The GMA was performed in 121 VLBW infants with a mean (standard deviation [SD]) GA of 28.3 (2.6) and BW of 1,113 (400 g). Only 28% of infants had normal GMs on initial assessment (32.9 ± 2.7 weeks' GA), while 61 and 11% had poor repertoire and cramped-synchronized GMs, respectively. At NICU discharge (37.6 ± 3.4 weeks corrected GA), 45 and 21% of infants were classified as having poor repertoire and cramped-synchronized GMs, respectively. Most infants with cramped-synchronized GMs on initial assessment had persistent abnormal GMs at discharge. In contrast, only one infant with normal GMs on first assessment developed cramped-synchronized GMs.

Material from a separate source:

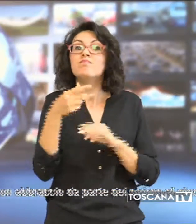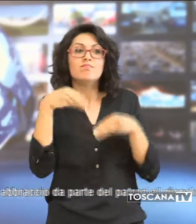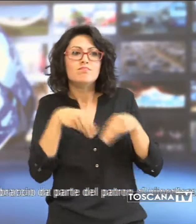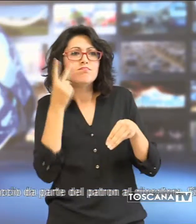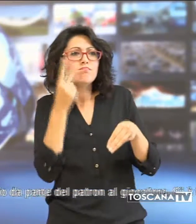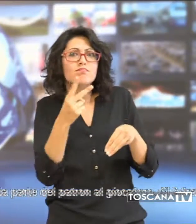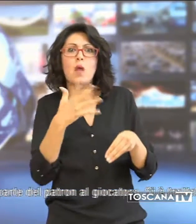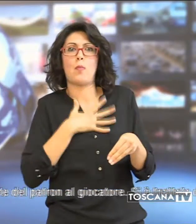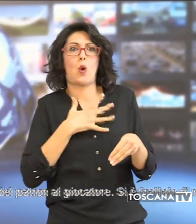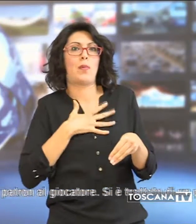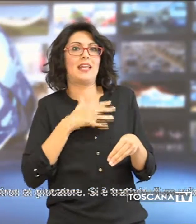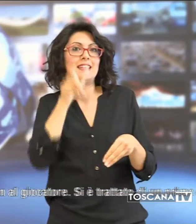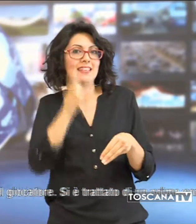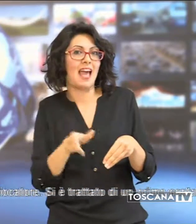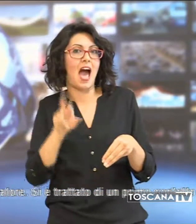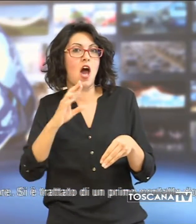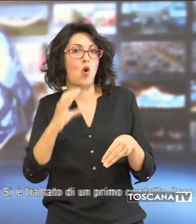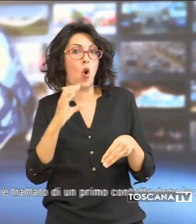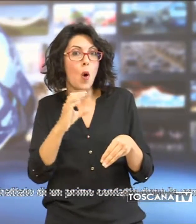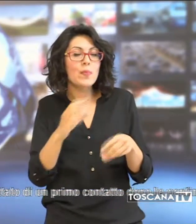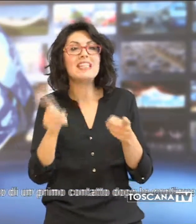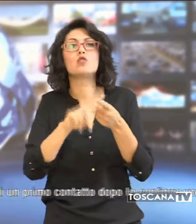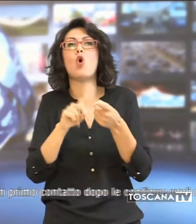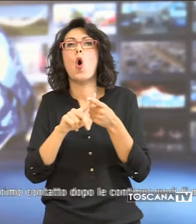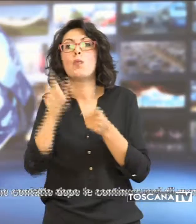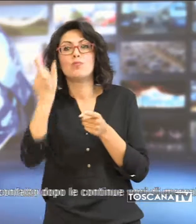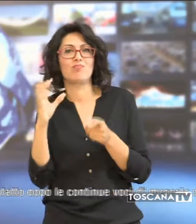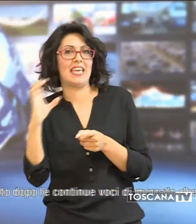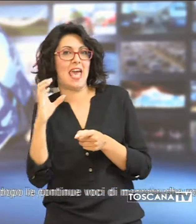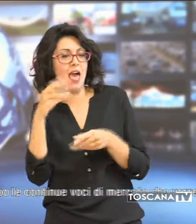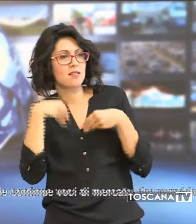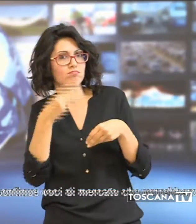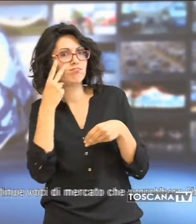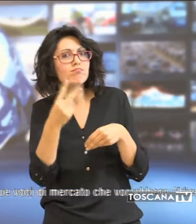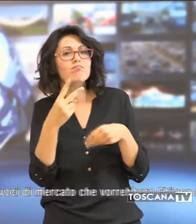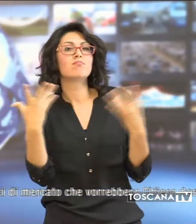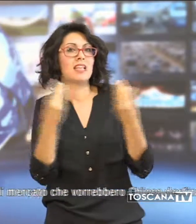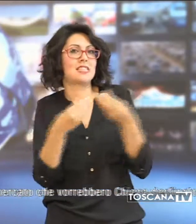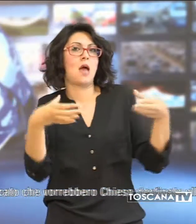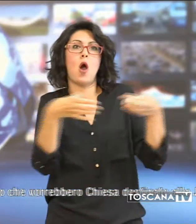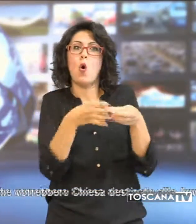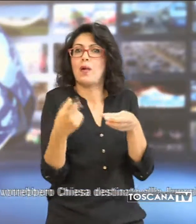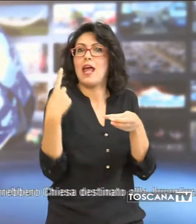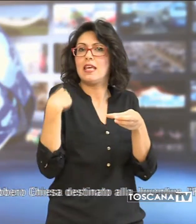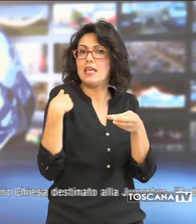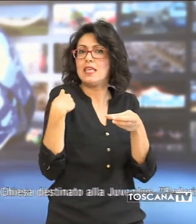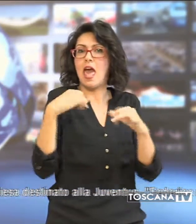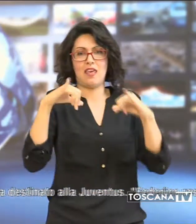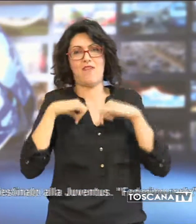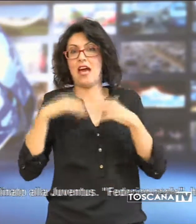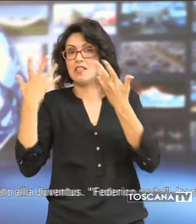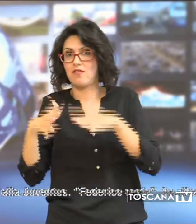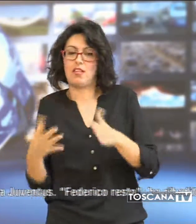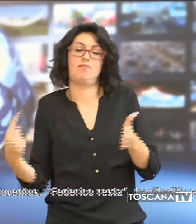proprietario Rocco Commisso è Federico Chiesa che si è aggregato ai compagni ieri dopo le vacanze.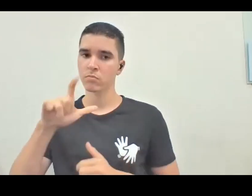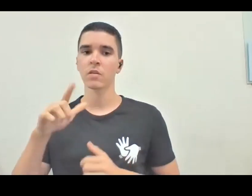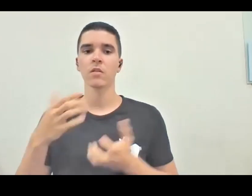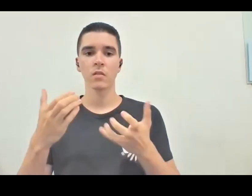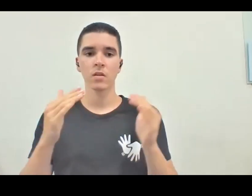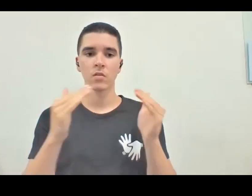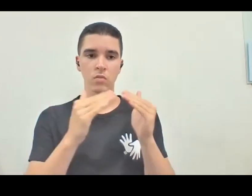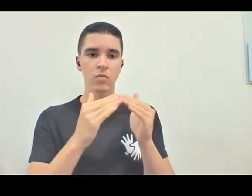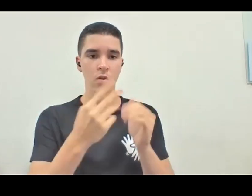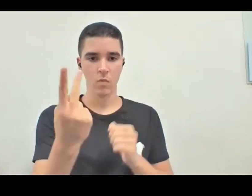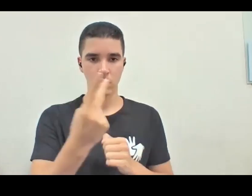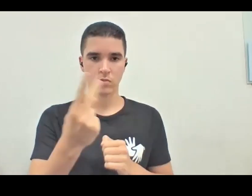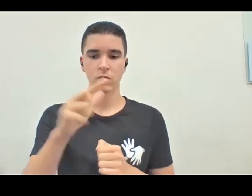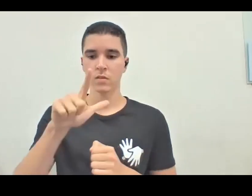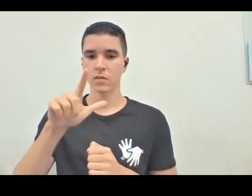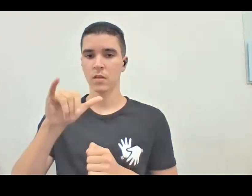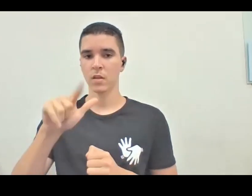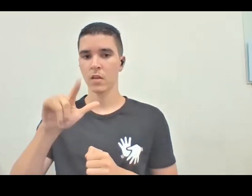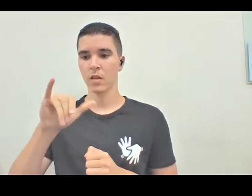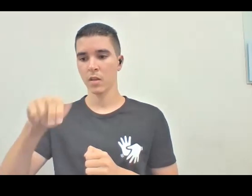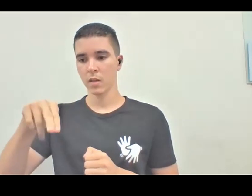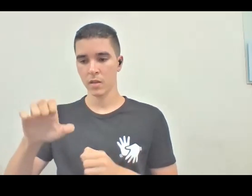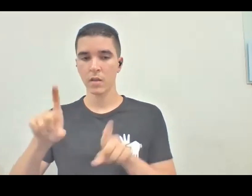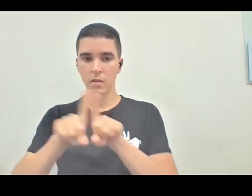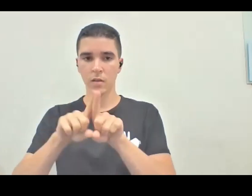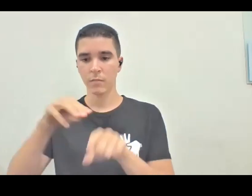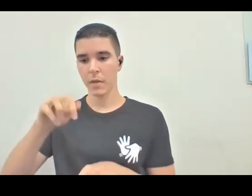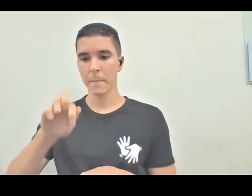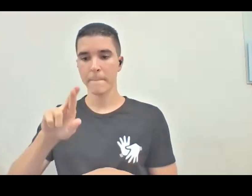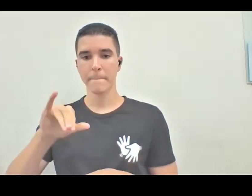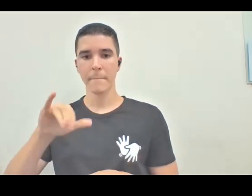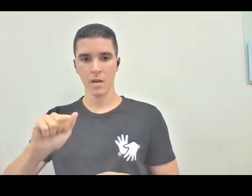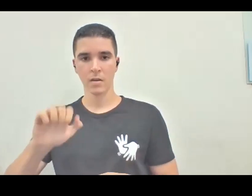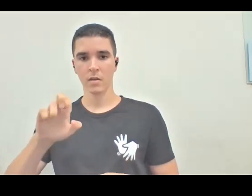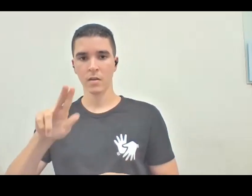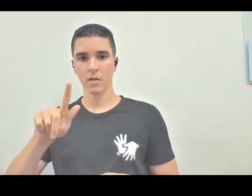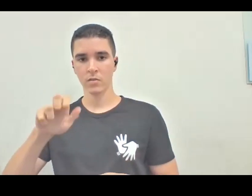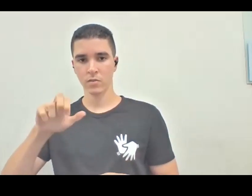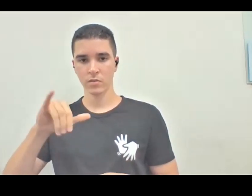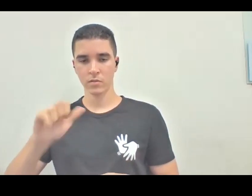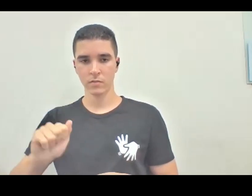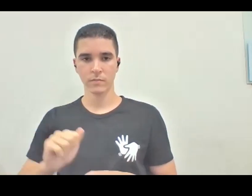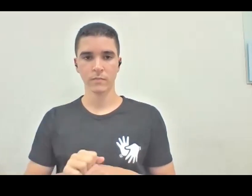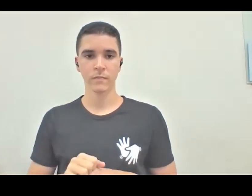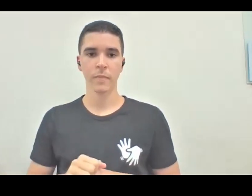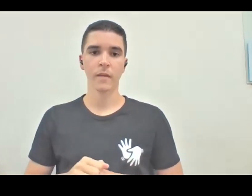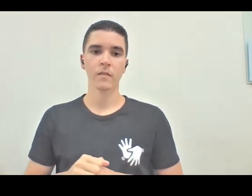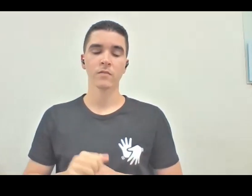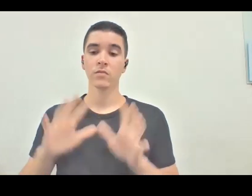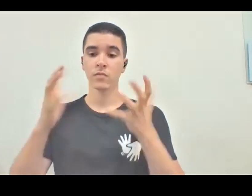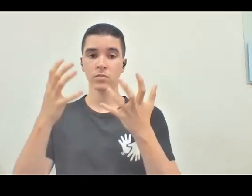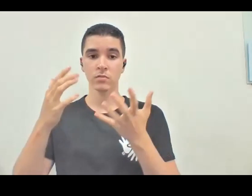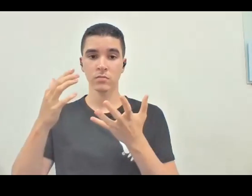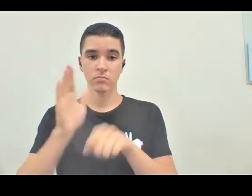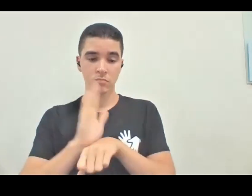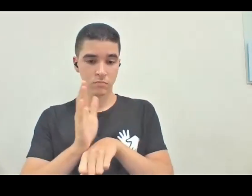com a Maria Eugênia, também falar assim, a Liliana, né, além do festival de cinema que a Bel falou, recentemente ela realizou um

Abnormal GMs are common in VLBW infants, including a high prevalence of the more concerning cramped-synchronized movement pattern. The GMA can be successfully performed in VLBW infants. The GMA may be helpful in identifying infants at increased risk of later motor impairments, as well as assisting clinicians, in the stratification of infants who may benefit from additional brain imaging and/or an intensive hospital-based interventions.
· Abnormal GMs are common in VLBW infants.. · Poor repertoire in the most prevalent pattern observed.. · Infants at risk for abnormal motor outcomes can be identified in the NICU..
异常的一般运动(GMs)可预测早产儿日后运动功能受损的风险。本研究的目的是:(1)描述新生儿重症监护病房(NICU)中 GM 评估(GMA)的实施情况;(2)调查极低出生体重(VLBW)婴儿中异常 GMs 的发生率和演变情况。
对 NICU 实施 GMA 后纳入的 VLBW 婴儿(胎龄[GA]<32 周和/或出生体重[BW]<1500g)进行 GMs 的观察性研究。所有 2017 年 11 月至 2019 年 4 月期间入住的 VLBW 婴儿均符合 GMA 条件。如果婴儿需要高频通气或无法拆开进行视频采集,则将其排除在外。每周至少由 2 名 GMA 认证的提供者对 GMA 进行评分。
121 名 VLBW 婴儿接受了 GMA,平均(标准差[SD])GA 为 28.3(2.6),BW 为 1113(400g)。只有 28%的婴儿在初次评估时 GM 正常(GA32.9±2.7 周),而 61%和 11%的婴儿 GM 模式分别为模式差和紧促同步。在 NICU 出院时(校正 GA37.6±3.4 周),45%和 21%的婴儿分别被归类为 GM 模式差和紧促同步。初次评估时 GM 紧促同步的大多数婴儿在出院时 GM 仍异常。相比之下,初次评估 GM 正常的婴儿中只有 1 例出现 GM 紧促同步。
异常 GMs 在 VLBW 婴儿中很常见,包括更常见的紧促同步运动模式的高发生率。GMA 可成功应用于 VLBW 婴儿。GMA 可能有助于识别日后运动功能受损风险较高的婴儿,并协助临床医生对可能受益于额外脑成像和/或强化医院干预的婴儿进行分层。
· VLBW 婴儿中异常 GMs 很常见。
· 观察到最常见的模式为 GM 模式差。
· 在 NICU 中可识别出有异常运动结局风险的婴儿。